Lawyers have expressed disappointment after the Court of Appeal failed to provide clarity about how compensation should be calculated in cases when whiplash is combined with other injuries, in a judgment handed down this morning (20 January).

“We welcome the fact that the Court confirmed the crucial point of principle that full damages must be paid for non-tariff injuries,” said Brett Dixon, secretary of the Association of Personal Injury Lawyers (APIL) which intervened in the appeal, along with the Motor Accidents Solicitors Society (MASS).

“The principle of full compensation takes precedence when identifying any overlap in the two types of damages, and this addresses the serious risk of under-compensation.

“But allowing any deduction of damages in mixed injury cases is not welcome as it risks undercompensating victims of negligence when they are already subject to reduced damages because of the whiplash tariff, which we have always argued is grossly unfair.

“And the fact that the Court failed to set out how the level of deduction should be established  will subject injured people to more uncertainty until further case law establishes exactly how that should be calculated in these cases.”

Background

APIL and MASS were granted permission to intervene in two expedited conjoined appeals from Birkenhead County Court which were heard last month. The aim was to address a problem caused by legislation which failed to address the way damages for pain and suffering should be calculated in ‘mixed injury’ cases where whiplash injuries, which are subject to a ‘tariff’, are combined with other injuries sustained as a result of the same incident but which are not subject to a tariff.

The intervention was made on behalf of a wider group facilitated by the Motor Insurers Bureau.
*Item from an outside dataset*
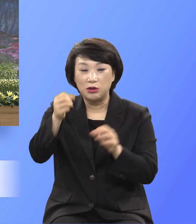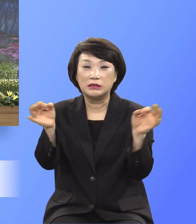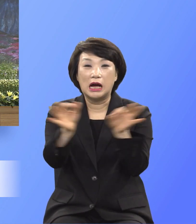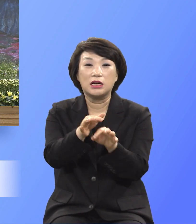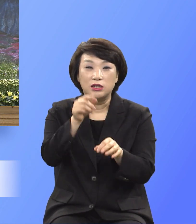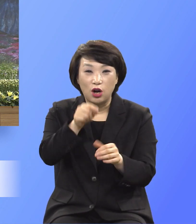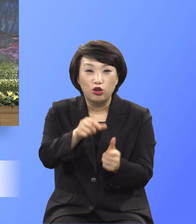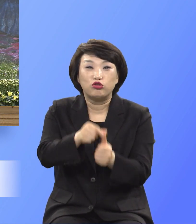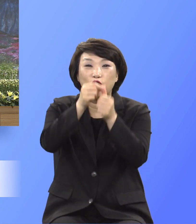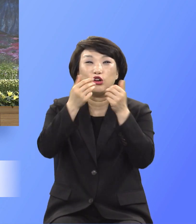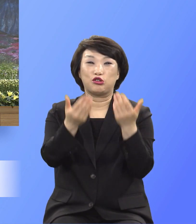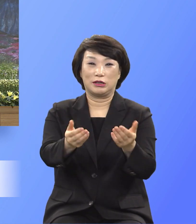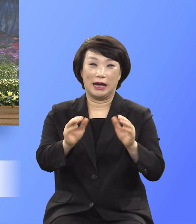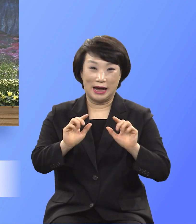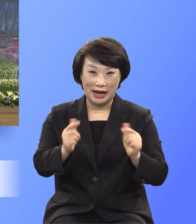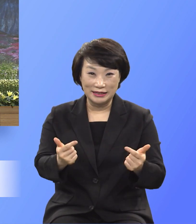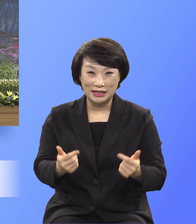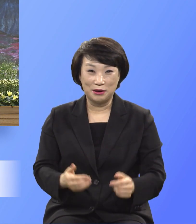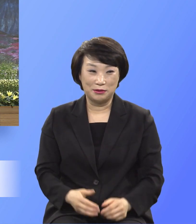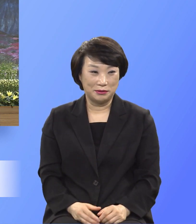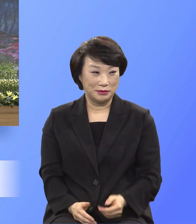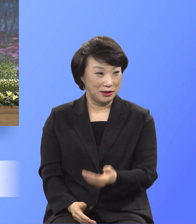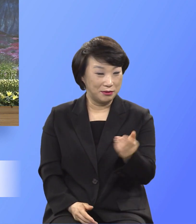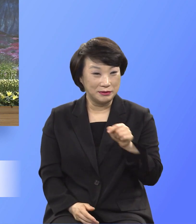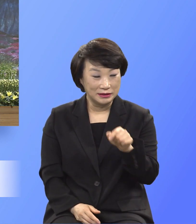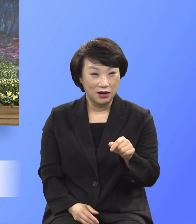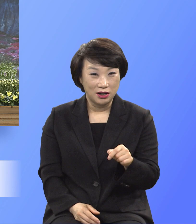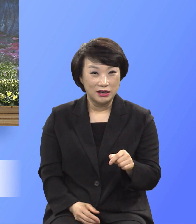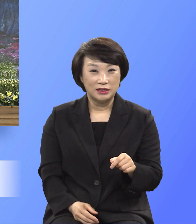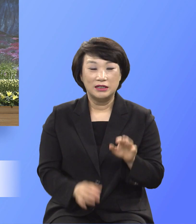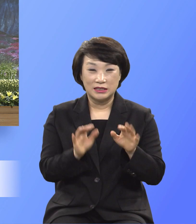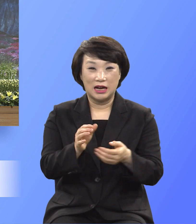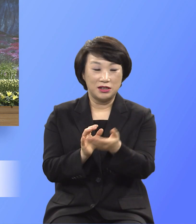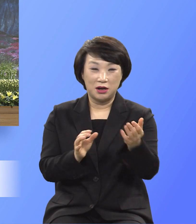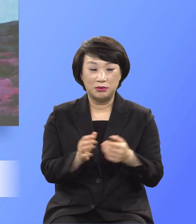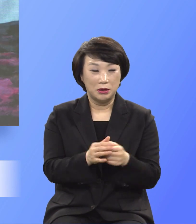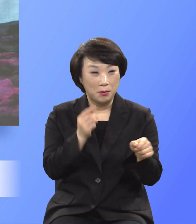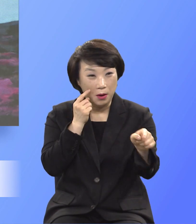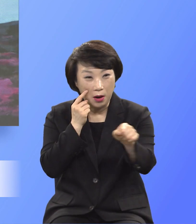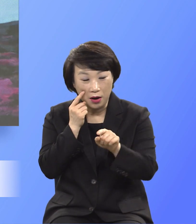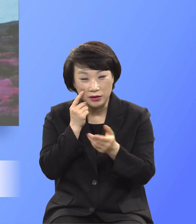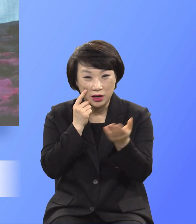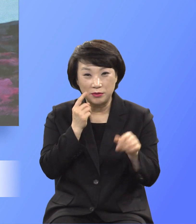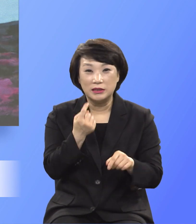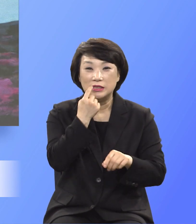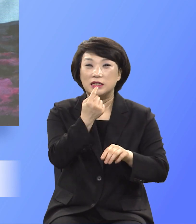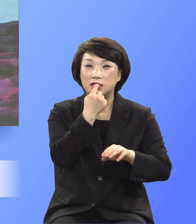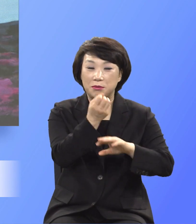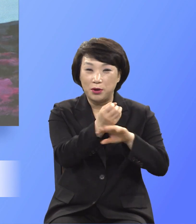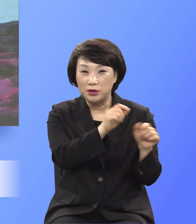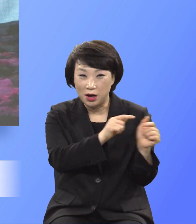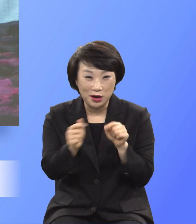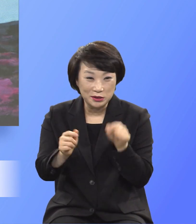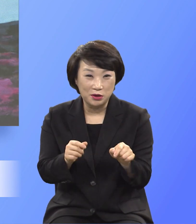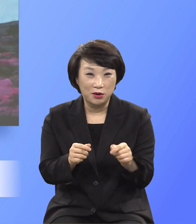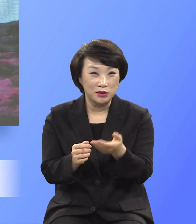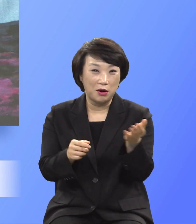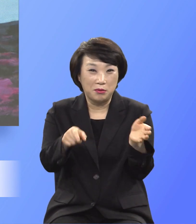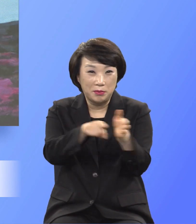사람들이 은금에 미쳐 이걸 적재하기에 바보 이것이 마치 구세주냐 되는 것처럼

In their submission, APIL and MASS argued that damages for tariff and non-tariff injuries should be added together on the basis that Parliament’s original intention when passing the Civil Liability Act was that the legislation would only alter the way whiplash damages were to be calculated. Any overlap between whiplash injuries and other injuries was a matter for the courts to address, based on common law principles

The Court of Appeal confirmed a critical point of principle that the pain, suffering and loss of amenity aspect of compensation in non-tariff cases must be assessed on common law principles.

But it also upheld the Birkenhead court’s approach in its finding that a deduction should be made in mixed injury cases to avoid any risk of over-compensation. Crucially, the Court of Appeal did not set out how that deduction will be made.